5: After this restarting glusterd on the node where all the commands executed resulted in glusterd crash both the nodes where staging failed, which was actually because it failed to create geo-rep status file. 


Actual results: geo-rep start failed with staging failed on few nodes.

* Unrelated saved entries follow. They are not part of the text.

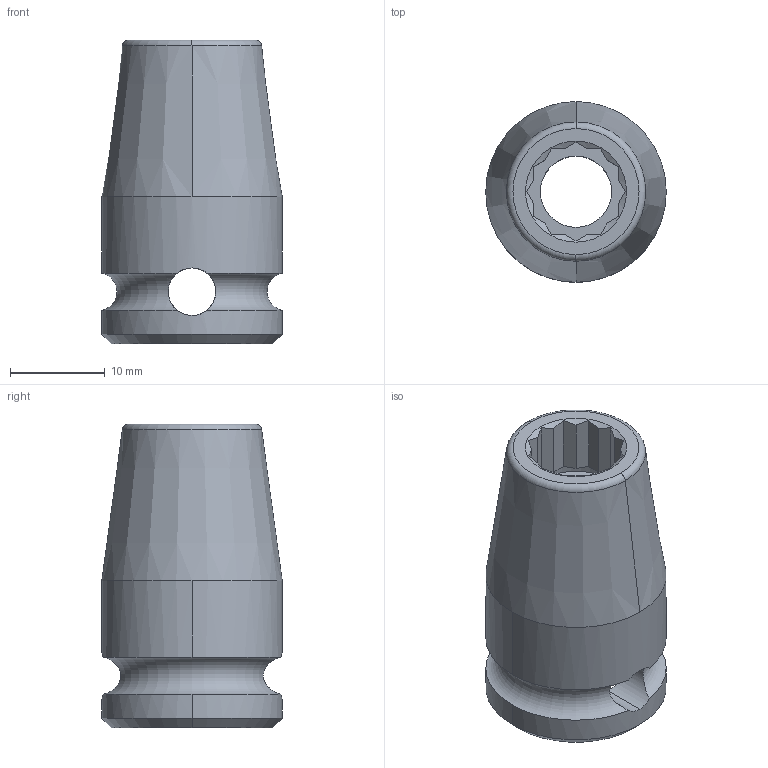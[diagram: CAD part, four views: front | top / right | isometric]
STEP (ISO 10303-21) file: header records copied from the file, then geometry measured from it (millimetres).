
FILE_DESCRIPTION((''),'2;1');
FILE_NAME('4027121509','2023-09-11T14:19:27',('a00565553'),(''),'CREO PARAMETRIC BY PTC INC, 2022414','CREO PARAMETRIC BY PTC INC, 2022414','');
FILE_SCHEMA(('CONFIG_CONTROL_DESIGN','GEOMETRIC_VALIDATION_PROPERTIES_MIM'));
Length unit declared in the file: millimetre
Products named in the file (1): 4027121509
Bounding box: 19 x 19 x 32 mm (x, y, z)
Volume: 5381.9 mm3; surface area: 3198.5 mm2
Topology: 1 solids, 1 shells, 69 faces, 187 edges, 120 vertices
Faces by surface type: plane 38, cylinder 17, cone 10, torus 4
Entity records: 2484 total; most frequent: CARTESIAN_POINT 679, ORIENTED_EDGE 374, DIRECTION 322, EDGE_CURVE 187, VERTEX_POINT 120, AXIS2_PLACEMENT_3D 117, VECTOR 88, LINE 88
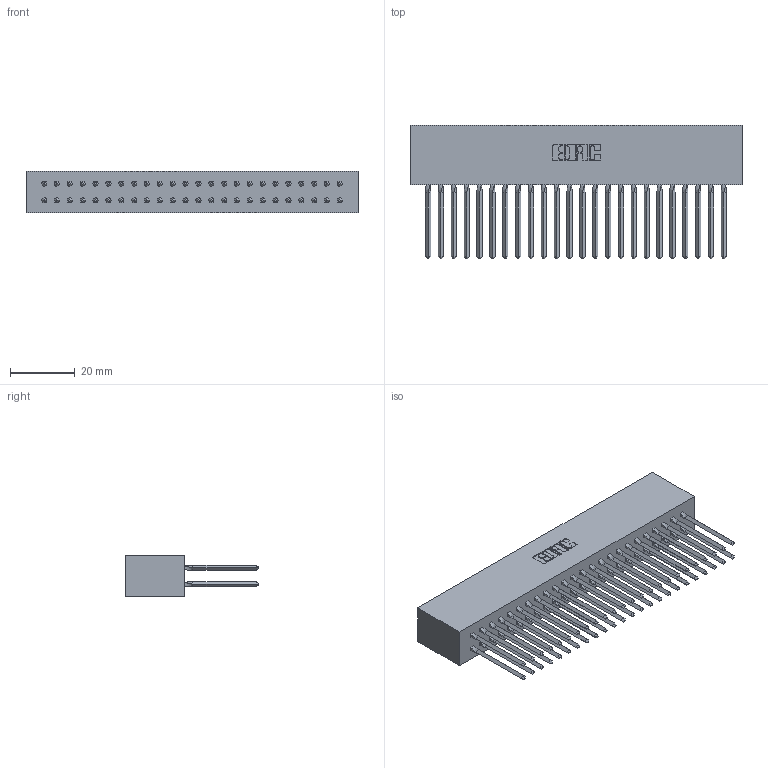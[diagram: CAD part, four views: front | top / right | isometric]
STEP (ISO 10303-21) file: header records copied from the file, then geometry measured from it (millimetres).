
FILE_DESCRIPTION (( 'STEP AP203' ), '1' );
FILE_NAME ('317-048-543-801.STEP', '2020-02-28T02:54:11', ( '' ), ( '' ), 'SwSTEP 2.0', 'SolidWorks 2016', '' );
FILE_SCHEMA (( 'CONFIG_CONTROL_DESIGN' ));
Length unit declared in the file: inch
Products named in the file (3): 317-048-543-801; 317 Part_Lugless; 317-290-001_543
Assembly tree (49 placements, depth 2):
  317-048-543-801
    317 Part_Lugless
    317-290-001_543  x48
Bounding box: 102.31 x 41.15 x 12.7 mm (x, y, z)
Volume: 18594.9 mm3; surface area: 27780 mm2
Topology: 49 solids, 49 shells, 4362 faces, 12095 edges, 7790 vertices
Faces by surface type: plane 3554, cylinder 616, bspline 192
Entity records: 36794 total; most frequent: CARTESIAN_POINT 6831, ORIENTED_EDGE 6330, DIRECTION 5275, EDGE_CURVE 3165, VECTOR 2917, LINE 2917, VERTEX_POINT 2103, AXIS2_PLACEMENT_3D 1179
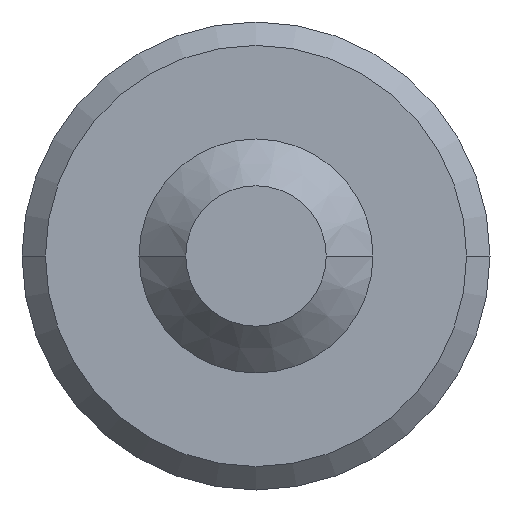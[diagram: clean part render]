
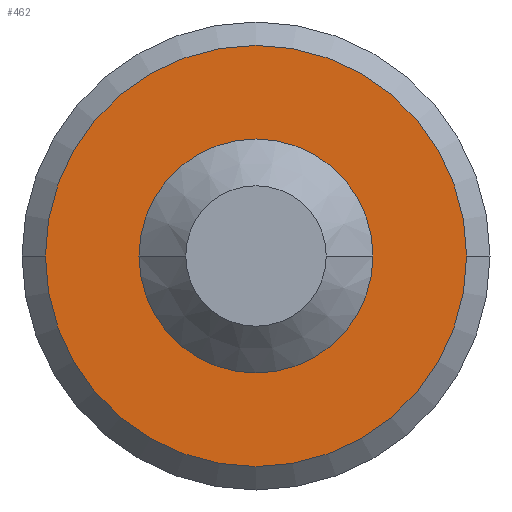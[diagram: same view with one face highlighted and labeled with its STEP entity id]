
A CAD part, front view. The second image highlights one B-rep face of the part: STEP entity #462.
In plain terms, the highlighted planar face has unit normal (0, -1, 0).
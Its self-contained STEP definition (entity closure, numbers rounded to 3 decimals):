
#18=CARTESIAN_POINT('',(0.,0.,0.));
#19=DIRECTION('',(0.,1.,0.));
#20=DIRECTION('',(1.,0.,0.));
#21=AXIS2_PLACEMENT_3D('',#18,#19,#20);
#27=CARTESIAN_POINT('',(0.,0.,0.));
#28=DIRECTION('',(0.,-1.,0.));
#29=DIRECTION('',(1.,0.,0.));
#30=AXIS2_PLACEMENT_3D('',#27,#28,#29);
#102=CARTESIAN_POINT('',(0.,0.,0.));
#103=DIRECTION('',(0.,-1.,0.));
#104=DIRECTION('',(1.,0.,0.));
#105=AXIS2_PLACEMENT_3D('',#102,#103,#104);
#117=CARTESIAN_POINT('',(0.,0.,0.));
#118=DIRECTION('',(0.,1.,0.));
#119=DIRECTION('',(1.,0.,0.));
#120=AXIS2_PLACEMENT_3D('',#117,#118,#119);
#433=CARTESIAN_POINT('',(0.5,0.,0.));
#434=VERTEX_POINT('',#433);
#439=CARTESIAN_POINT('',(-0.5,0.,0.));
#440=VERTEX_POINT('',#439);
#441=CARTESIAN_POINT('',(0.9,0.,0.));
#442=VERTEX_POINT('',#441);
#443=CARTESIAN_POINT('',(-0.9,0.,0.));
#444=VERTEX_POINT('',#443);
#445=CARTESIAN_POINT('',(0.,0.,0.));
#446=DIRECTION('',(0.,1.,0.));
#447=DIRECTION('',(1.,0.,0.));
#448=AXIS2_PLACEMENT_3D('',#445,#446,#447);
#449=PLANE('',#448);
#451=ORIENTED_EDGE('',*,*,#450,.F.);
#453=ORIENTED_EDGE('',*,*,#452,.T.);
#454=EDGE_LOOP('',(#451,#453));
#455=FACE_OUTER_BOUND('',#454,.F.);
#457=ORIENTED_EDGE('',*,*,#456,.F.);
#459=ORIENTED_EDGE('',*,*,#458,.T.);
#460=EDGE_LOOP('',(#457,#459));
#461=FACE_BOUND('',#460,.F.);
#462=ADVANCED_FACE('',(#455,#461),#449,.F.);
#22=CIRCLE('',#21,0.5);
#31=CIRCLE('',#30,0.5);
#106=CIRCLE('',#105,0.9);
#121=CIRCLE('',#120,0.9);
#450=EDGE_CURVE('',#442,#444,#106,.T.);
#452=EDGE_CURVE('',#442,#444,#121,.T.);
#456=EDGE_CURVE('',#434,#440,#22,.T.);
#458=EDGE_CURVE('',#434,#440,#31,.T.);

Expected results: Geo-rep start should succeed after snapshot restoration. 


Additional info:

Comment 1 Vijaykumar Koppad 2014-07-14 10:33:01 UTC
Created attachment 917729 [details]
sosreport of the all the nodes.

Comment 3 Avra Sengupta 2014-07-16 06:29:28 UTC
In the nodes where staging failed, it was seen that any external binary/script (in this case gsyncd binary) that is being run through glusterd's runner_run interface was failing to run, whereas the same binary/script when run independently ran just fine. We also checked if glusterd was running with right permissions, or is selinux being enabled was preventing the runner_run interface from executing the binary and found that glusterd was running with the right permissions, and that selinux is disabled.